EXTRACTED MATERIAL:
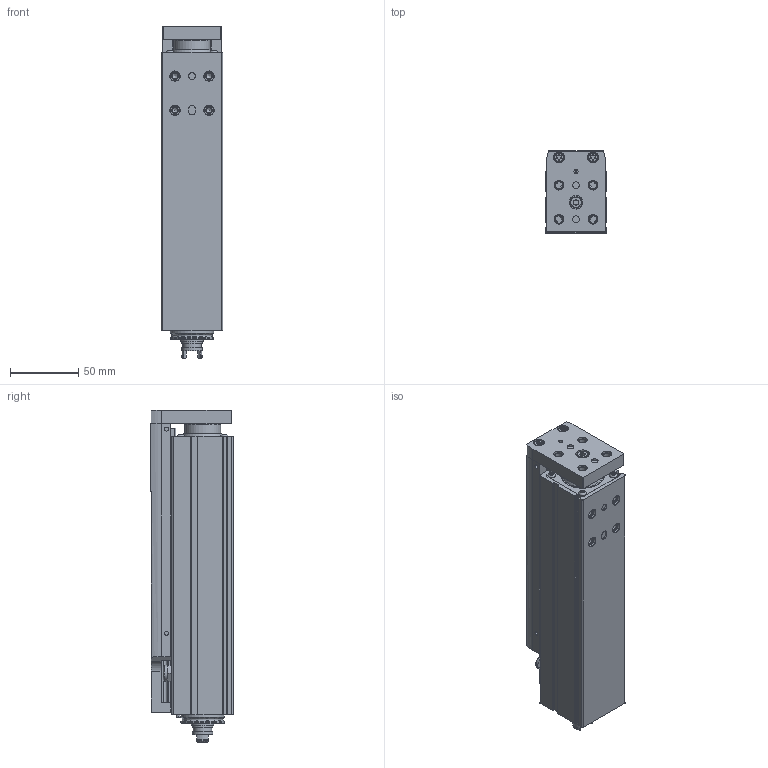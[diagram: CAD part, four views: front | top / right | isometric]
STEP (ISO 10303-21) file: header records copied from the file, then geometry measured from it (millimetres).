
FILE_DESCRIPTION( ( 'STEP AP214' ), '1' );
FILE_NAME( '8048304_EGSC-BS-KF-45-150-10P.stp', '2019-08-17T23:59:24', ( '' ), ( '' ), ' ', 'PARTsolutions', ' ' );
FILE_SCHEMA( ( 'AUTOMOTIVE_DESIGN { 1 0 10303 214 1 1 1 1 }' ) );
Length unit declared in the file: millimetre
Products named in the file (7): 8048304 EGSC-BS-KF-45-150-10P---(0); HI_4795390 EGSC-BS-KF-45---(150_P); _1206622 AMTE-M-H-G18; HI_8048305 EGSC-BS-KF-45---(S_150); _4826928 EAMC-15-GS8-D8x9-A(egsc); HI_ISO 14579 M4x10(F); _DIN-912 - M2.5x8(F)
Assembly tree (6 placements, depth 2):
  8048304 EGSC-BS-KF-45-150-10P---(0)
    HI_4795390 EGSC-BS-KF-45---(150_P)
    _1206622 AMTE-M-H-G18
    HI_8048305 EGSC-BS-KF-45---(S_150)
    _4826928 EAMC-15-GS8-D8x9-A(egsc)
    HI_ISO 14579 M4x10(F)
    _DIN-912 - M2.5x8(F)
Bounding box: 45 x 60.5 x 243.7 mm (x, y, z)
Volume: 521228 mm3; surface area: 133066.2 mm2
Topology: 6 solids, 6 shells, 537 faces, 1283 edges, 824 vertices
Faces by surface type: plane 234, cylinder 213, cone 75, torus 11, sphere 4
Full cylindrical faces by diameter (mm): 1.3 x1, 1.567 x2, 2.013 x1, 2.459 x4, 2.5 x2, 3 x9, 3.242 x1, 4 x1, 4.134 x10, 4.5 x1, 5 x5, 5.5 x4, 5.7 x4, 6.5 x1, 6.625 x2, 7 x11, 8 x3, 8.5 x1, 8.566 x1, 8.7 x1, 9.728 x1, 10 x5, 11.7 x1, 13.25 x2, 20 x1, 22 x1, 26.5 x2, 31.8 x1, 32 x1, 32.1 x1
Entity records: 19595 total; most frequent: CARTESIAN_POINT 3113, DIRECTION 2605, ORIENTED_EDGE 2232, EDGE_CURVE 1116, AXIS2_PLACEMENT_3D 1044, VERTEX_POINT 806, EDGE_LOOP 777, FACE_OUTER_BOUND 633
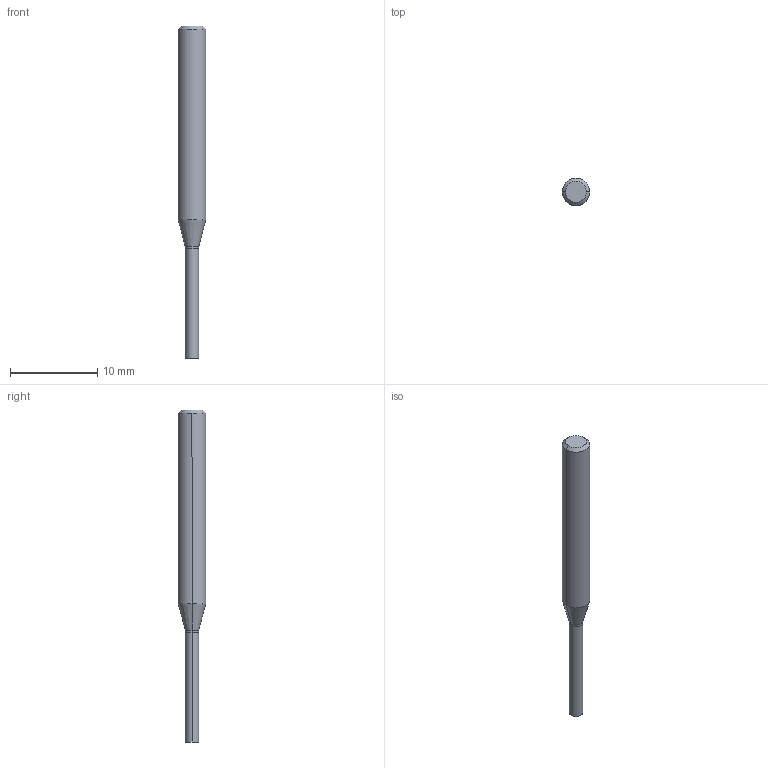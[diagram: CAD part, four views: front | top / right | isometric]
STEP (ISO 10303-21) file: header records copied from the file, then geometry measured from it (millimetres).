
FILE_DESCRIPTION (( 'STEP AP203' ), '1' );
FILE_NAME ('02680.STEP', '2024-03-18T21:19:14', ( '' ), ( '' ), 'SwSTEP 2.0', 'SolidWorks 2023', '' );
FILE_SCHEMA (( 'CONFIG_CONTROL_DESIGN' ));
Length unit declared in the file: inch
Products named in the file (1): 02680
Bounding box: 3.17 x 3.17 x 38.1 mm (x, y, z)
Volume: 214.3 mm3; surface area: 320 mm2
Topology: 2 solids, 2 shells, 16 faces, 28 edges, 16 vertices
Faces by surface type: cylinder 6, cone 6, plane 4
Entity records: 461 total; most frequent: DIRECTION 78, CARTESIAN_POINT 61, ORIENTED_EDGE 56, AXIS2_PLACEMENT_3D 33, EDGE_CURVE 28, FACE_OUTER_BOUND 16, ADVANCED_FACE 16, EDGE_LOOP 16
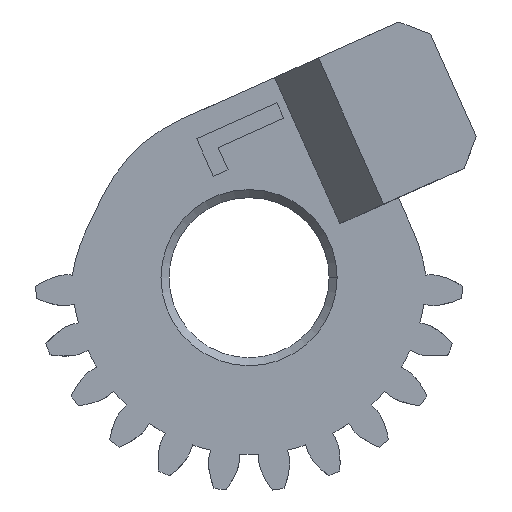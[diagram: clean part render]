
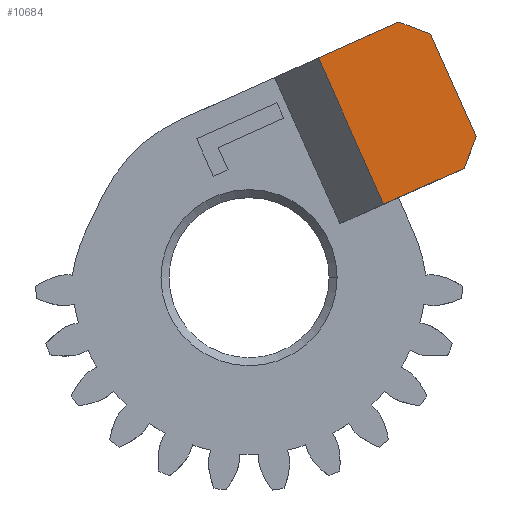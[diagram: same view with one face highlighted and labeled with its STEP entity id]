
A CAD part, top view. The second image highlights one B-rep face of the part: STEP entity #10684.
In plain terms, the highlighted planar face has unit normal (0, 0, 1).
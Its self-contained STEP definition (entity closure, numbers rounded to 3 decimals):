
#22 = LINE ( 'NONE', #10214, #2126 ) ;
#572 = EDGE_LOOP ( 'NONE', ( #768, #7901, #11521, #7508, #3432, #8949 ) ) ;
#582 = VERTEX_POINT ( 'NONE', #9019 ) ;
#768 = ORIENTED_EDGE ( 'NONE', *, *, #7442, .F. ) ;
#793 = VECTOR ( 'NONE', #3196, 1000. ) ;
#829 = VERTEX_POINT ( 'NONE', #12552 ) ;
#907 = CARTESIAN_POINT ( 'NONE',  ( 4.245, -11.716, 6. ) ) ;
#1097 = EDGE_CURVE ( 'NONE', #829, #5877, #1664, .T. ) ;
#1664 = LINE ( 'NONE', #4507, #12050 ) ;
#1881 = CARTESIAN_POINT ( 'NONE',  ( 8.406, 4.584, 6. ) ) ;
#2126 = VECTOR ( 'NONE', #4016, 1000. ) ;
#2359 = VECTOR ( 'NONE', #13412, 1000. ) ;
#2663 = DIRECTION ( 'NONE',  ( 0.934, -0.357, 0. ) ) ;
#3196 = DIRECTION ( 'NONE',  ( -0.408, 0.913, 0. ) ) ;
#3432 = ORIENTED_EDGE ( 'NONE', *, *, #8060, .F. ) ;
#3924 = VECTOR ( 'NONE', #4549, 1000. ) ;
#4016 = DIRECTION ( 'NONE',  ( -0.357, -0.934, 0. ) ) ;
#4507 = CARTESIAN_POINT ( 'NONE',  ( 14.798, 7.437, 6. ) ) ;
#4549 = DIRECTION ( 'NONE',  ( 0.913, 0.408, 0. ) ) ;
#4561 = LINE ( 'NONE', #12802, #3924 ) ;
#4708 = VERTEX_POINT ( 'NONE', #7395 ) ;
#4834 = EDGE_CURVE ( 'NONE', #582, #829, #13071, .T. ) ;
#5518 = CARTESIAN_POINT ( 'NONE',  ( 14.186, 8.807, 6. ) ) ;
#5751 = DIRECTION ( 'NONE',  ( -1., 0., 0. ) ) ;
#5877 = VERTEX_POINT ( 'NONE', #5518 ) ;
#6157 = CARTESIAN_POINT ( 'NONE',  ( 9.319, 4.992, 6. ) ) ;
#7000 = AXIS2_PLACEMENT_3D ( 'NONE', #907, #11965, #5751 ) ;
#7395 = CARTESIAN_POINT ( 'NONE',  ( 4.329, 13.715, 6. ) ) ;
#7442 = EDGE_CURVE ( 'NONE', #13351, #8681, #9983, .T. ) ;
#7508 = ORIENTED_EDGE ( 'NONE', *, *, #4834, .F. ) ;
#7610 = CARTESIAN_POINT ( 'NONE',  ( 14.135, 14.127, 6. ) ) ;
#7628 = FACE_OUTER_BOUND ( 'NONE', #572, .T. ) ;
#7901 = ORIENTED_EDGE ( 'NONE', *, *, #10643, .F. ) ;
#8060 = EDGE_CURVE ( 'NONE', #4708, #582, #4561, .T. ) ;
#8681 = VERTEX_POINT ( 'NONE', #1881 ) ;
#8745 = LINE ( 'NONE', #11442, #793 ) ;
#8949 = ORIENTED_EDGE ( 'NONE', *, *, #12661, .F. ) ;
#9019 = CARTESIAN_POINT ( 'NONE',  ( 9.351, 15.957, 6. ) ) ;
#9983 = LINE ( 'NONE', #6157, #2359 ) ;
#10214 = CARTESIAN_POINT ( 'NONE',  ( 6.065, -12.412, 6. ) ) ;
#10324 = VECTOR ( 'NONE', #2663, 1000. ) ;
#10643 = EDGE_CURVE ( 'NONE', #5877, #13351, #22, .T. ) ;
#10684 = ADVANCED_FACE ( 'NONE', ( #7628 ), #10914, .T. ) ;
#10864 = CARTESIAN_POINT ( 'NONE',  ( 13.428, 6.826, 6. ) ) ;
#10914 = PLANE ( 'NONE',  #7000 ) ;
#11442 = CARTESIAN_POINT ( 'NONE',  ( 4.329, 13.715, 6. ) ) ;
#11521 = ORIENTED_EDGE ( 'NONE', *, *, #1097, .F. ) ;
#11965 = DIRECTION ( 'NONE',  ( 0., 0., 1. ) ) ;
#12050 = VECTOR ( 'NONE', #12803, 1000. ) ;
#12552 = CARTESIAN_POINT ( 'NONE',  ( 11.333, 15.199, 6. ) ) ;
#12661 = EDGE_CURVE ( 'NONE', #8681, #4708, #8745, .T. ) ;
#12802 = CARTESIAN_POINT ( 'NONE',  ( 10.721, 16.569, 6. ) ) ;
#12803 = DIRECTION ( 'NONE',  ( 0.408, -0.913, 0. ) ) ;
#13071 = LINE ( 'NONE', #7610, #10324 ) ;
#13351 = VERTEX_POINT ( 'NONE', #10864 ) ;
#13412 = DIRECTION ( 'NONE',  ( -0.913, -0.408, 0. ) ) ;

TASK DESCRIPTION: Among the entries above, copy exactly only the lines starting with the one containing "#9983 = LINE ( 'NONE', #6157, #2359 ) ;" and going through the one containing "#12050 = VECTOR ( 'NONE', #12803, 1000. ) ;", both ends included.

RESPONSE TO THE TASK:
#9983 = LINE ( 'NONE', #6157, #2359 ) ;
#10214 = CARTESIAN_POINT ( 'NONE',  ( 6.065, -12.412, 6. ) ) ;
#10324 = VECTOR ( 'NONE', #2663, 1000. ) ;
#10643 = EDGE_CURVE ( 'NONE', #5877, #13351, #22, .T. ) ;
#10684 = ADVANCED_FACE ( 'NONE', ( #7628 ), #10914, .T. ) ;
#10864 = CARTESIAN_POINT ( 'NONE',  ( 13.428, 6.826, 6. ) ) ;
#10914 = PLANE ( 'NONE',  #7000 ) ;
#11442 = CARTESIAN_POINT ( 'NONE',  ( 4.329, 13.715, 6. ) ) ;
#11521 = ORIENTED_EDGE ( 'NONE', *, *, #1097, .F. ) ;
#11965 = DIRECTION ( 'NONE',  ( 0., 0., 1. ) ) ;
#12050 = VECTOR ( 'NONE', #12803, 1000. ) ;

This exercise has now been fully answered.